TRY IT
Once the pictures have been excluded, set down each remaining entry word for word.

[Items from a dataset]
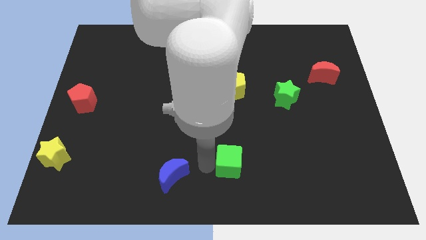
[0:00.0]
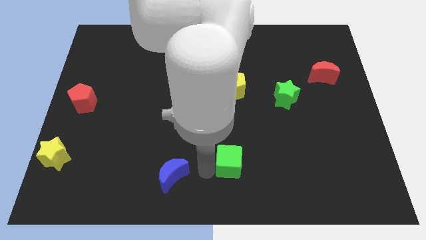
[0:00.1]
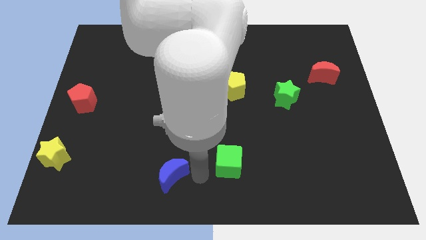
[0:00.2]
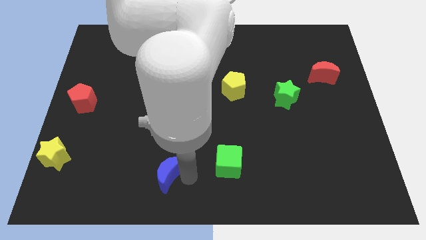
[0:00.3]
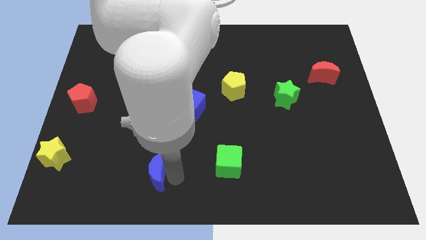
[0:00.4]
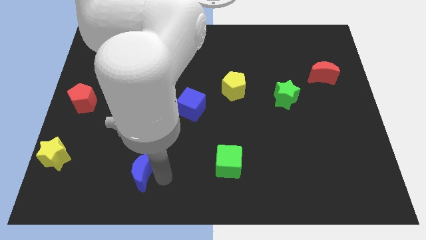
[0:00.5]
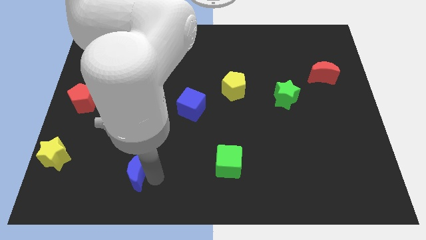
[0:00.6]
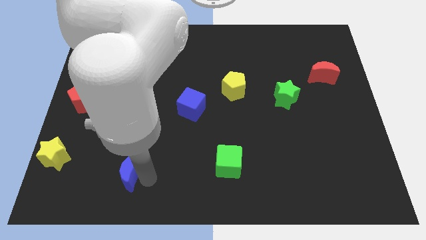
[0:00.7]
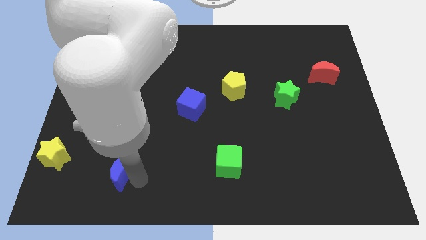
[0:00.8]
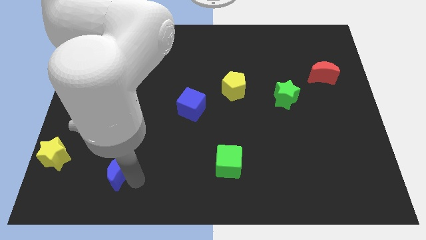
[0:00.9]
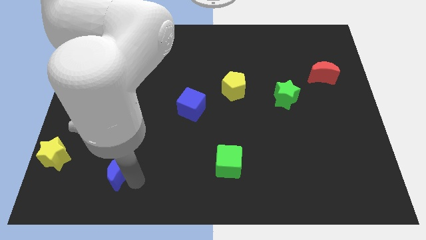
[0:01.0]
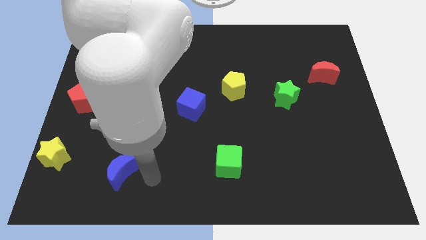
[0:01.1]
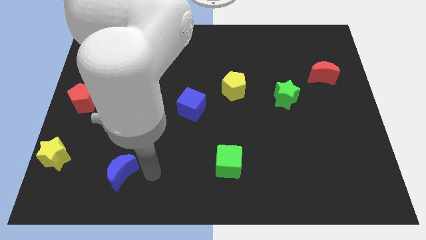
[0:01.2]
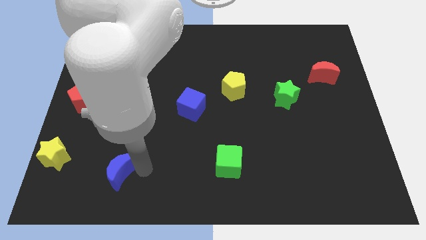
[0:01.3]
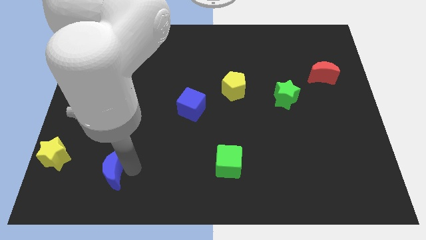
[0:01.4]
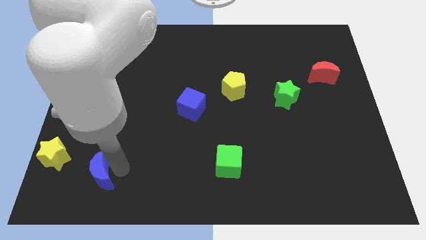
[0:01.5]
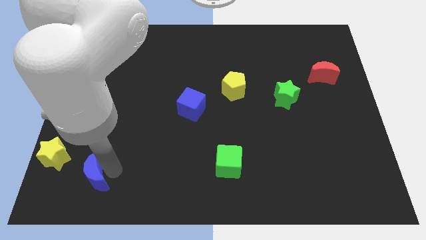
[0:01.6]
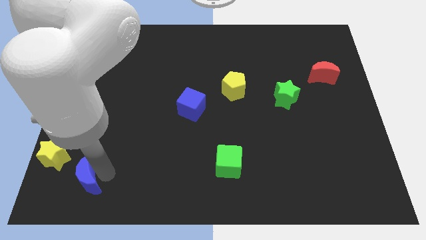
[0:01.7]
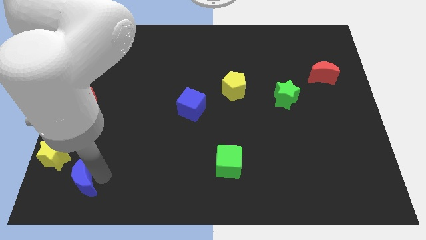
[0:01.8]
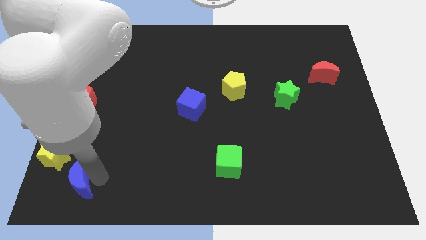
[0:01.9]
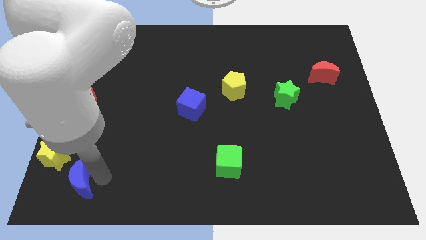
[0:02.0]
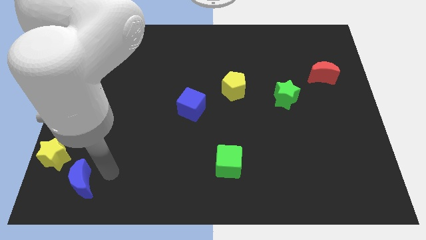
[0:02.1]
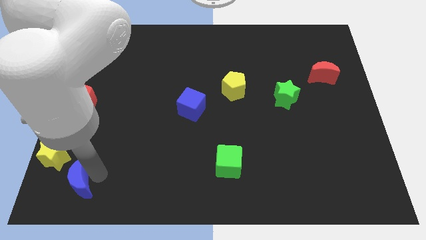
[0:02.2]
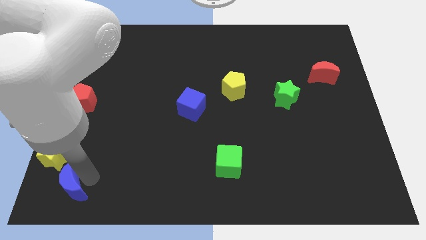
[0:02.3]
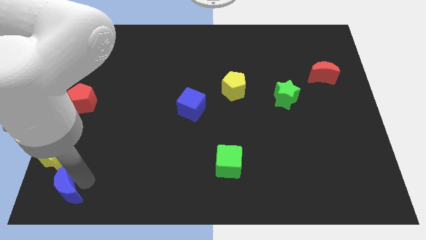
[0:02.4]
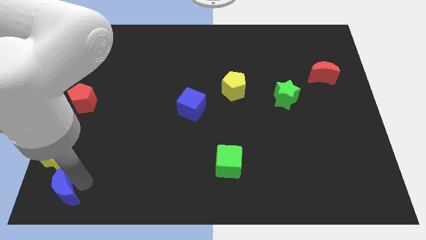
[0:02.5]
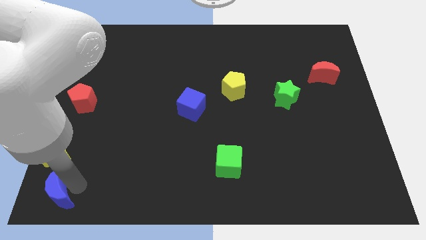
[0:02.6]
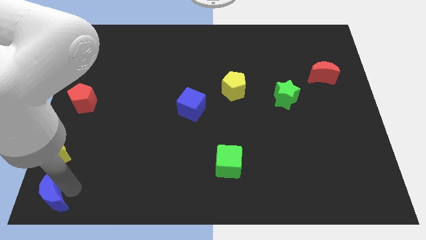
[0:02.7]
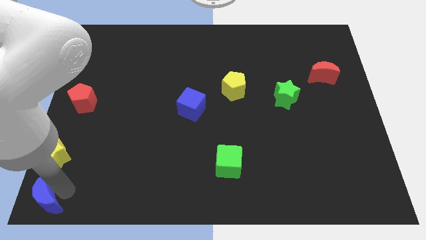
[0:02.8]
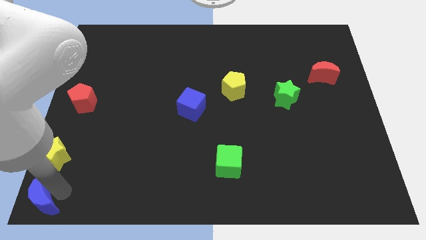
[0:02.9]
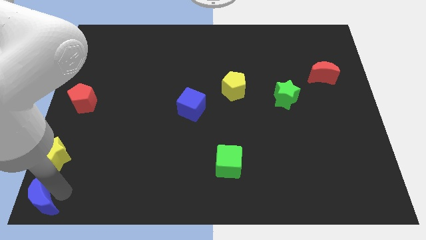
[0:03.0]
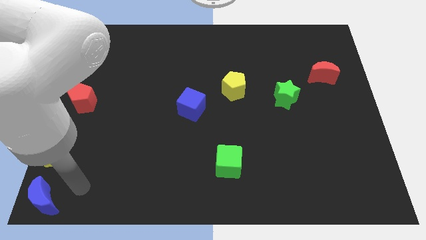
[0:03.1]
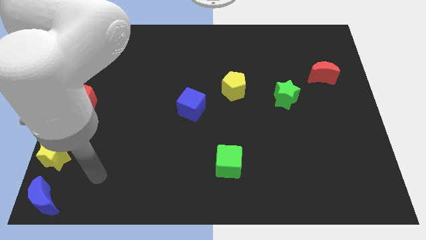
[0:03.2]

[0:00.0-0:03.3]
push the blue moon towards the bottom left side of the board

EXERCISE SOLUTION
[0:00.0]
[0:00.1]
[0:00.2]
[0:00.3]
[0:00.4]
[0:00.5]
[0:00.6]
[0:00.7]
[0:00.8]
[0:00.9]
[0:01.0]
[0:01.1]
[0:01.2]
[0:01.3]
[0:01.4]
[0:01.5]
[0:01.6]
[0:01.7]
[0:01.8]
[0:01.9]
[0:02.0]
[0:02.1]
[0:02.2]
[0:02.3]
[0:02.4]
[0:02.5]
[0:02.6]
[0:02.7]
[0:02.8]
[0:02.9]
[0:03.0]
[0:03.1]
[0:03.2]

[0:00.0-0:03.3]
push the blue moon towards the bottom left side of the board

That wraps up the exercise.